# Exercise objective
Could you copy, word for word, only the lines from the one containing "Taken 2.0 seconds past image 1." through the last line of the records below, both included?

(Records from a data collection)
- - - - -

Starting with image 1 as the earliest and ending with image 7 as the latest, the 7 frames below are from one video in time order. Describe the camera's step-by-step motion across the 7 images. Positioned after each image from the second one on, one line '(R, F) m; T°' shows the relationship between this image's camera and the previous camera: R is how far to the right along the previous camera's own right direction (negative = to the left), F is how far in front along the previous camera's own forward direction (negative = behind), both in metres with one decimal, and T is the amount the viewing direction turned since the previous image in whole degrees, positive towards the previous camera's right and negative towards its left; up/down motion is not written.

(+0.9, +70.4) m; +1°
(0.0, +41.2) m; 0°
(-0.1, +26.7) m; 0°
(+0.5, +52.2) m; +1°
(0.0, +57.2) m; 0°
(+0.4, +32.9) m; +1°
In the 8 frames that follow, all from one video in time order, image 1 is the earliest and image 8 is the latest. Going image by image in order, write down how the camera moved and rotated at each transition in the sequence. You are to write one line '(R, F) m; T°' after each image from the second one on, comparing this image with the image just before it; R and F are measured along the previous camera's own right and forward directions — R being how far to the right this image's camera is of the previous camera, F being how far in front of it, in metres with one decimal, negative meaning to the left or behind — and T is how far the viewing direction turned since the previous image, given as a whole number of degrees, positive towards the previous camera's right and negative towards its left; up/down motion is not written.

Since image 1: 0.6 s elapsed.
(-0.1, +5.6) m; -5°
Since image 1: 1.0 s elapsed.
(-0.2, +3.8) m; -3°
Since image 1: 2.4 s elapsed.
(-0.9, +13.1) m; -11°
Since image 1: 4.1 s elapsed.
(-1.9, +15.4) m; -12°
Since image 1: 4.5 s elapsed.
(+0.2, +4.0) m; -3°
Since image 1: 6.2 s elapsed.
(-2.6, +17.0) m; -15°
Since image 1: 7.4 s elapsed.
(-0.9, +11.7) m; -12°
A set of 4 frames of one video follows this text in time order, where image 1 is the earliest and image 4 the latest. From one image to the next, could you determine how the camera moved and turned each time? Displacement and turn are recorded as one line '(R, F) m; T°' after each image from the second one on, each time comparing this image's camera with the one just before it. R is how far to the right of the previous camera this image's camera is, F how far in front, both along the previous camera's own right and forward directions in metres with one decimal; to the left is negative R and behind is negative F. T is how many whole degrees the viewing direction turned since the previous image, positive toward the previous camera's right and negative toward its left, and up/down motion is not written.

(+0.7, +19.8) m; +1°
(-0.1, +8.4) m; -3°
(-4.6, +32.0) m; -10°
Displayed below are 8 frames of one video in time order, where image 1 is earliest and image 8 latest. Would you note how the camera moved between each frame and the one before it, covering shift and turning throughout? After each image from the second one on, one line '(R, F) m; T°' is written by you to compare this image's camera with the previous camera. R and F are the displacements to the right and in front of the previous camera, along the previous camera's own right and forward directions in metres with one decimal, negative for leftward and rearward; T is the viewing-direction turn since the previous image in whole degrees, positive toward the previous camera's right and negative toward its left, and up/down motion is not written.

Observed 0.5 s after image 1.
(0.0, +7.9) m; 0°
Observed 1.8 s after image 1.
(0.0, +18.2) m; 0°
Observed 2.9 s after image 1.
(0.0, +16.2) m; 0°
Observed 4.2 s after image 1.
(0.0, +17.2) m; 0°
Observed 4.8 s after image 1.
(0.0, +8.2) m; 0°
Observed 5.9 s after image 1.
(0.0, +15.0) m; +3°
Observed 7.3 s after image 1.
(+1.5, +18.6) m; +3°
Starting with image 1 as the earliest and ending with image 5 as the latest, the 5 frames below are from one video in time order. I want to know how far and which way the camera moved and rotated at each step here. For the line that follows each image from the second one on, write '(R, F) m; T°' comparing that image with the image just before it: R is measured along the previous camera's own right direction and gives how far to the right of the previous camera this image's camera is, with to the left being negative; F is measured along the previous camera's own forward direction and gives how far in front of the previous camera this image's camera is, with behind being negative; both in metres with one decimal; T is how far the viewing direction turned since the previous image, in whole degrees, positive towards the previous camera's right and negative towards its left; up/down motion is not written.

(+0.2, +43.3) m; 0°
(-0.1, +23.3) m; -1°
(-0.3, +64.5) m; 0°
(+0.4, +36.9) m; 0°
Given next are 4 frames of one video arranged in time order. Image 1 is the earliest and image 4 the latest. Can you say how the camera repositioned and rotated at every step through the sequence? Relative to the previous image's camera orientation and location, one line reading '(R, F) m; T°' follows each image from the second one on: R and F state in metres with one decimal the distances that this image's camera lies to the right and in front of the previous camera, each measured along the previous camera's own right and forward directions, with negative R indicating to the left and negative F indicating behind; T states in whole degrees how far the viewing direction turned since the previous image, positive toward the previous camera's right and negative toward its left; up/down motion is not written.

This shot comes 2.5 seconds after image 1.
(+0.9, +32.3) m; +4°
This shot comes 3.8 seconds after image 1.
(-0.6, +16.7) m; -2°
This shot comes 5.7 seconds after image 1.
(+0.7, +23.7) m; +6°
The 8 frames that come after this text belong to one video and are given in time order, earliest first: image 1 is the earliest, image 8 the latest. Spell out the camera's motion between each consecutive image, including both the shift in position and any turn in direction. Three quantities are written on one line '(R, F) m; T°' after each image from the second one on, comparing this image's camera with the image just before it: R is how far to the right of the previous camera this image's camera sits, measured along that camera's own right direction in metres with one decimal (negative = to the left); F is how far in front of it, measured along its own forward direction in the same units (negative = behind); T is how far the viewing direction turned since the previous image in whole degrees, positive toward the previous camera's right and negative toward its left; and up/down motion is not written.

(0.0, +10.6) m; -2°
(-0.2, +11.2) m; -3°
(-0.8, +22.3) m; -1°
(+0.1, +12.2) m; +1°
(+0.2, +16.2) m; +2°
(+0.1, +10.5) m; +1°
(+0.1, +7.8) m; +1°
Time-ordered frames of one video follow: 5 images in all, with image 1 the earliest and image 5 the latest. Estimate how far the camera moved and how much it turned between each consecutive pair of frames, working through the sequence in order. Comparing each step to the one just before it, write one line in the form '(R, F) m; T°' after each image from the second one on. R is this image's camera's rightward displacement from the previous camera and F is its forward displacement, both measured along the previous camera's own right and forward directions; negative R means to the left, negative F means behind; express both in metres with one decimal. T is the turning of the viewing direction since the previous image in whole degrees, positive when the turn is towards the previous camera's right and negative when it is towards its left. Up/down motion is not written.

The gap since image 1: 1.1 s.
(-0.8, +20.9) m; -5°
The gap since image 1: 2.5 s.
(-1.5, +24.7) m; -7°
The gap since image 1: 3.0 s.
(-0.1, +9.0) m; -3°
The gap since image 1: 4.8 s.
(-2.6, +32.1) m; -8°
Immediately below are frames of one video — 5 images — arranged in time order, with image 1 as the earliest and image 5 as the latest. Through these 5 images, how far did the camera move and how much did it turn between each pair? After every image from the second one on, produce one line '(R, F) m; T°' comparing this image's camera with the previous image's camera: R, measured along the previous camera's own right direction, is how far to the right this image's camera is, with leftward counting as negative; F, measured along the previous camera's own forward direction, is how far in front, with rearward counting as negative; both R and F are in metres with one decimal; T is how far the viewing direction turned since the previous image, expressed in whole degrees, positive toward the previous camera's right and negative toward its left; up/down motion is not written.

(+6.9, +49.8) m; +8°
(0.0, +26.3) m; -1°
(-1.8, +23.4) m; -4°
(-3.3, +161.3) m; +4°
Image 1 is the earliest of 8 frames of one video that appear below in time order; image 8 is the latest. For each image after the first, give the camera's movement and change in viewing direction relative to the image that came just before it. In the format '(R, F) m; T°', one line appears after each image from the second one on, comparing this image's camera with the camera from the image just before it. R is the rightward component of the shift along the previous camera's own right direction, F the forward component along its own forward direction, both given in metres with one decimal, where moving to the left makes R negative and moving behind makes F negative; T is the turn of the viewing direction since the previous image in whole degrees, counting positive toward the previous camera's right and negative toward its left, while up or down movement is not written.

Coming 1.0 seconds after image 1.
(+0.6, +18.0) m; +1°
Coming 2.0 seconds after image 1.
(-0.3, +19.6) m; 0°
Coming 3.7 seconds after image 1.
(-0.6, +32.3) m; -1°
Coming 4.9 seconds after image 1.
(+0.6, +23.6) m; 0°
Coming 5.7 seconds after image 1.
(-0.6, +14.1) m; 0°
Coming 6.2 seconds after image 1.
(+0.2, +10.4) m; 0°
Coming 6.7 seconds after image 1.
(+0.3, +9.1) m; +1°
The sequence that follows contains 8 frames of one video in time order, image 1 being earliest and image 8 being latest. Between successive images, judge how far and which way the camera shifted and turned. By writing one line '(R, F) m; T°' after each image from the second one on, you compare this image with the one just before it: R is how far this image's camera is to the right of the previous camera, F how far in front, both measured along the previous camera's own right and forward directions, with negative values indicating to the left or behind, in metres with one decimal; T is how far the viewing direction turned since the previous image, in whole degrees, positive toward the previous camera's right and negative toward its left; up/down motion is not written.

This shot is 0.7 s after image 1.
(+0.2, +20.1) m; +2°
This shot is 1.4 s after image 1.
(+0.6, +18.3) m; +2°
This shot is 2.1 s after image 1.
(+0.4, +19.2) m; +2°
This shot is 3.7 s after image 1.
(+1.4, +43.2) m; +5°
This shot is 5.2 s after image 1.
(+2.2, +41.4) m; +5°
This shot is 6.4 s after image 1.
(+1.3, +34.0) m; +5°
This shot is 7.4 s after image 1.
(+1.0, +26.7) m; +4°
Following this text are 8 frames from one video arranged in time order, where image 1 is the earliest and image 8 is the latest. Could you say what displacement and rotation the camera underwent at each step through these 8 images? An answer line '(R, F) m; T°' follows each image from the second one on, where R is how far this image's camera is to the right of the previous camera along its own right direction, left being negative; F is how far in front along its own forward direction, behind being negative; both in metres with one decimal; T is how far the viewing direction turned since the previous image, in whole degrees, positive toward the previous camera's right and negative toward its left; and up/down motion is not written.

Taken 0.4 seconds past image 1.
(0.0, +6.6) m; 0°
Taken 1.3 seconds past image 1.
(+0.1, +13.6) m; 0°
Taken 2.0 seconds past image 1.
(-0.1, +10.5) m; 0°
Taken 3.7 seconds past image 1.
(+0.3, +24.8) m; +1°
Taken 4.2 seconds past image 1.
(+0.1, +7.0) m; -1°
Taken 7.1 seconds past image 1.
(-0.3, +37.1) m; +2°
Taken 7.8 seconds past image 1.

- - - - -

# Completed task
Taken 2.0 seconds past image 1.
(-0.1, +10.5) m; 0°
Taken 3.7 seconds past image 1.
(+0.3, +24.8) m; +1°
Taken 4.2 seconds past image 1.
(+0.1, +7.0) m; -1°
Taken 7.1 seconds past image 1.
(-0.3, +37.1) m; +2°
Taken 7.8 seconds past image 1.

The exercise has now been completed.